*WHAT THE TASK REQUIRES*
Scan the material for the word "height", and copy each line where it shows up.

((

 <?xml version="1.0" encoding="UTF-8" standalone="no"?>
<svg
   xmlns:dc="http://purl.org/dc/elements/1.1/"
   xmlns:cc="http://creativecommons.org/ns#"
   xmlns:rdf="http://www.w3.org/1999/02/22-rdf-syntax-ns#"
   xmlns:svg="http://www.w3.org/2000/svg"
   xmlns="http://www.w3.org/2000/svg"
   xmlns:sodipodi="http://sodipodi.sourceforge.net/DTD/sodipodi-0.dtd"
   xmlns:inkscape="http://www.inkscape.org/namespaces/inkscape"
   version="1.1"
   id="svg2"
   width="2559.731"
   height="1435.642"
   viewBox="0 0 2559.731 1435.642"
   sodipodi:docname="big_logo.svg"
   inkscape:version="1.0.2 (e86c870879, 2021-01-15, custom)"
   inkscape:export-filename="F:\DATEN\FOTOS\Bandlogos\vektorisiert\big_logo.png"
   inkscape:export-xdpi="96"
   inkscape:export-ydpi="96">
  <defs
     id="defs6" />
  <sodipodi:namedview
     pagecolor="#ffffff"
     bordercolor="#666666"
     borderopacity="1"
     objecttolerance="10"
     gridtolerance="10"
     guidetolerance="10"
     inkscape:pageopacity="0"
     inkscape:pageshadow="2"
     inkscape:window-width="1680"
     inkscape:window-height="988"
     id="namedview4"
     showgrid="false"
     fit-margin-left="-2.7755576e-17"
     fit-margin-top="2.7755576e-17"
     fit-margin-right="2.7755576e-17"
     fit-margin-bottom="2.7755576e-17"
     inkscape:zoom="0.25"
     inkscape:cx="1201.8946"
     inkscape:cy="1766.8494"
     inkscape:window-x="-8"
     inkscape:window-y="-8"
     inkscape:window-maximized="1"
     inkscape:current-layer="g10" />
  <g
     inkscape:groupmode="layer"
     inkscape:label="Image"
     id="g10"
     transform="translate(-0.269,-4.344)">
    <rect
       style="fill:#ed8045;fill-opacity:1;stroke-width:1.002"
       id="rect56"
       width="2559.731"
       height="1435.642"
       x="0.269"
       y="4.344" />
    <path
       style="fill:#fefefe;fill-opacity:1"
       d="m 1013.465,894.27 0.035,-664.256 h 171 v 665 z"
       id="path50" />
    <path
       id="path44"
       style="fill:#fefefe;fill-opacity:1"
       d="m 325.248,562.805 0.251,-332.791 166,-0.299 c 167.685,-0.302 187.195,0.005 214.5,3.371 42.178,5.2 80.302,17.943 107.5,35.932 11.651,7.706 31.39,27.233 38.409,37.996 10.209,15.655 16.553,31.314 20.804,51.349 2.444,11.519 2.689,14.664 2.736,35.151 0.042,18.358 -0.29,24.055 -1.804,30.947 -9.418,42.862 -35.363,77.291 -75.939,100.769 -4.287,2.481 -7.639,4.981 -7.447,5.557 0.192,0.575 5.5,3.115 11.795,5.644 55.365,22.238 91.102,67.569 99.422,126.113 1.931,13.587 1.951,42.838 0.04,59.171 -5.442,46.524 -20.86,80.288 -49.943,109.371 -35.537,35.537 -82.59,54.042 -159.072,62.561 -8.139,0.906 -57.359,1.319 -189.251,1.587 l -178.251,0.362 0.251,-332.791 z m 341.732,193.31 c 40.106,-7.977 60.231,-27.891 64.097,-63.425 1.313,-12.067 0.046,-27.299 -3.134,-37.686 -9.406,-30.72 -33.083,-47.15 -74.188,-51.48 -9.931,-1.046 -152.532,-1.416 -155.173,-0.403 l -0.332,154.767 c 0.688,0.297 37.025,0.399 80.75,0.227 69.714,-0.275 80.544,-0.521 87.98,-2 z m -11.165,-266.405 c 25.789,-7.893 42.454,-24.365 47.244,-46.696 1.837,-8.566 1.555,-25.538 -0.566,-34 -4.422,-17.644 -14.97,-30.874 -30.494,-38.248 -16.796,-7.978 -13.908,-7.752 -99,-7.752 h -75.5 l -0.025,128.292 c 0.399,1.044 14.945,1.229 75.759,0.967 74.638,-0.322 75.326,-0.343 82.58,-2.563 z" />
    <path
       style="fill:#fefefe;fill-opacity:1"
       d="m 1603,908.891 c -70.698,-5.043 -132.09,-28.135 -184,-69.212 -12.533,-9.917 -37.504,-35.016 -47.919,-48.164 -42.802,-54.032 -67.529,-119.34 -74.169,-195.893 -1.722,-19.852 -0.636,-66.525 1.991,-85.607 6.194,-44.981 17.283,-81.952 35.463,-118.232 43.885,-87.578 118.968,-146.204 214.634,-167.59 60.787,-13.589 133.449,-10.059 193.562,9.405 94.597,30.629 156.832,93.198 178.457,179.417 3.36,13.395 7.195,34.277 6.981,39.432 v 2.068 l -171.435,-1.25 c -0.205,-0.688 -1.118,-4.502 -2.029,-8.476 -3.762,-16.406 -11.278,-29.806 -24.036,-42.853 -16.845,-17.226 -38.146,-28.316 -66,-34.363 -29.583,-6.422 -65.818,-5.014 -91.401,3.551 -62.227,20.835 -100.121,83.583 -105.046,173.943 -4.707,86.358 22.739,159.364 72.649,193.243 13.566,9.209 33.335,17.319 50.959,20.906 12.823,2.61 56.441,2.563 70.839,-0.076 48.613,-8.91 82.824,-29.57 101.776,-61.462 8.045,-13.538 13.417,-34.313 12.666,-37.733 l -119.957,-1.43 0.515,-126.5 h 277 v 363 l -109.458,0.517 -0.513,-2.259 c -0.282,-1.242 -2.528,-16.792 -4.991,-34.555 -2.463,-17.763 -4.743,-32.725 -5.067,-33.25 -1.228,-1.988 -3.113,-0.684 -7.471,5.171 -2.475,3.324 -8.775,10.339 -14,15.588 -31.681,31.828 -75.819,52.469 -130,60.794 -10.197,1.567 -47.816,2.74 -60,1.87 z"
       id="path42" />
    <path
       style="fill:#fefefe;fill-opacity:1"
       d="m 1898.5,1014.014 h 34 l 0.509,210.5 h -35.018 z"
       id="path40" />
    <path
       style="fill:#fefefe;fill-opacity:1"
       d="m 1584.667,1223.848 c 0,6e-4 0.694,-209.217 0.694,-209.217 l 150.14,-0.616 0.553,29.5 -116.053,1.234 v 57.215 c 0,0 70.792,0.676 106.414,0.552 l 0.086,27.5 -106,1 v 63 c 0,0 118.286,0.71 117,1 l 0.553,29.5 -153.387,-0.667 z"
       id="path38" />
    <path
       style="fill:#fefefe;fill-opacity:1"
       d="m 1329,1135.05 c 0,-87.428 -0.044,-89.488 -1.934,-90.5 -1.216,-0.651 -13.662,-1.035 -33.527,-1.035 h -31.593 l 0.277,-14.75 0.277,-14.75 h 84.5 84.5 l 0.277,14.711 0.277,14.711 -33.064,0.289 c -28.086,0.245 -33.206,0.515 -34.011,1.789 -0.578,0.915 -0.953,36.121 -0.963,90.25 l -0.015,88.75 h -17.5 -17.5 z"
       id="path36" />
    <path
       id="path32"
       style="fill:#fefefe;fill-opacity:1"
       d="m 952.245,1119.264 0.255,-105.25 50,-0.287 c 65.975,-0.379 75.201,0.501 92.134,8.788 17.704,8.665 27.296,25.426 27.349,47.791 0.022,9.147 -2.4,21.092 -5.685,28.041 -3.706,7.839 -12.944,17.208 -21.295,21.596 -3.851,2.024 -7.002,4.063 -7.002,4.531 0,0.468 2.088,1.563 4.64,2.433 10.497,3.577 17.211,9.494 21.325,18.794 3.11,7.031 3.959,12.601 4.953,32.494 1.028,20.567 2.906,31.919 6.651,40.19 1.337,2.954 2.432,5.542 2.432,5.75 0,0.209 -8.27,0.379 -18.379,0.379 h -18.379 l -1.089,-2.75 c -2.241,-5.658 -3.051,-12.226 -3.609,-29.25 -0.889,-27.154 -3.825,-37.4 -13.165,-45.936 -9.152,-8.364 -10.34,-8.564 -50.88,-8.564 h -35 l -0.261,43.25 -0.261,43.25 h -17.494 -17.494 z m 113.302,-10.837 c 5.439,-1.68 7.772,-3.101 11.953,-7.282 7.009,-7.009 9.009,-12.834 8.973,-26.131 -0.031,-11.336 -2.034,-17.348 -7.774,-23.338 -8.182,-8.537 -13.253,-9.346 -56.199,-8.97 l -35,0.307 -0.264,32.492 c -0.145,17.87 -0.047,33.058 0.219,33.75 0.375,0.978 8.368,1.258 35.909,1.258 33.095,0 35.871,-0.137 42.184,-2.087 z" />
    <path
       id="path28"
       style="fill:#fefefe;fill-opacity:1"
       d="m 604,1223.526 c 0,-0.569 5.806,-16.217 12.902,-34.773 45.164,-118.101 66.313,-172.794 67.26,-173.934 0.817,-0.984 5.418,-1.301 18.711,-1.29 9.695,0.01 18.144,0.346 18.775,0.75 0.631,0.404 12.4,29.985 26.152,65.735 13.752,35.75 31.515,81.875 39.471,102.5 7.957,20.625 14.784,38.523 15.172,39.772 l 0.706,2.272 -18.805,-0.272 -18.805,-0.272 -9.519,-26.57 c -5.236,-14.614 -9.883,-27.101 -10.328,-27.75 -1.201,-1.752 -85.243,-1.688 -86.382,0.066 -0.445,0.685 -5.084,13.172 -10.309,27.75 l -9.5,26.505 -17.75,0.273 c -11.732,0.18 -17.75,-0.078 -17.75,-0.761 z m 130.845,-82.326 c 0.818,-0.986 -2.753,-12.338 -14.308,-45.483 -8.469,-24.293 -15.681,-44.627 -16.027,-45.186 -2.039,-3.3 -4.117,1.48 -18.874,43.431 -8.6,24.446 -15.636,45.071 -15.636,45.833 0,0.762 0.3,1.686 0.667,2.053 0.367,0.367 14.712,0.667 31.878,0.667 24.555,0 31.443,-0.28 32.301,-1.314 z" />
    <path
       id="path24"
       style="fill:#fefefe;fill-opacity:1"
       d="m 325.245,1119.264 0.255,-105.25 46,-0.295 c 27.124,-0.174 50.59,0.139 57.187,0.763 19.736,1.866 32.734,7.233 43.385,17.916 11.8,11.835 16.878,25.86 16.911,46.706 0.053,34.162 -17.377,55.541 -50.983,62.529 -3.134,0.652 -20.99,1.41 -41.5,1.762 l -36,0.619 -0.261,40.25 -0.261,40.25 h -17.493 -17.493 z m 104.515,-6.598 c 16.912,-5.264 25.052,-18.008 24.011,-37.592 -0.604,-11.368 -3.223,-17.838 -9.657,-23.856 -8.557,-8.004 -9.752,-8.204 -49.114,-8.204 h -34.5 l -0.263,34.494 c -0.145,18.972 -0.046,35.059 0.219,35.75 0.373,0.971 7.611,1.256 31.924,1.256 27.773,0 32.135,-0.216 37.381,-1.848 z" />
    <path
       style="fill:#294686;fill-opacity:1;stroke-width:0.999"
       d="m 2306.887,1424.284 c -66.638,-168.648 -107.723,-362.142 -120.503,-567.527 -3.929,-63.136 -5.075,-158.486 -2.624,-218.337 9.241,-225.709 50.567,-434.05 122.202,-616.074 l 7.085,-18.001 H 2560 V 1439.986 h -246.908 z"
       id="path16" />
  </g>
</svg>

))

*RESULT FOR THIS TASK*
   height="1435.642"
     inkscape:window-height="988"
       height="1435.642"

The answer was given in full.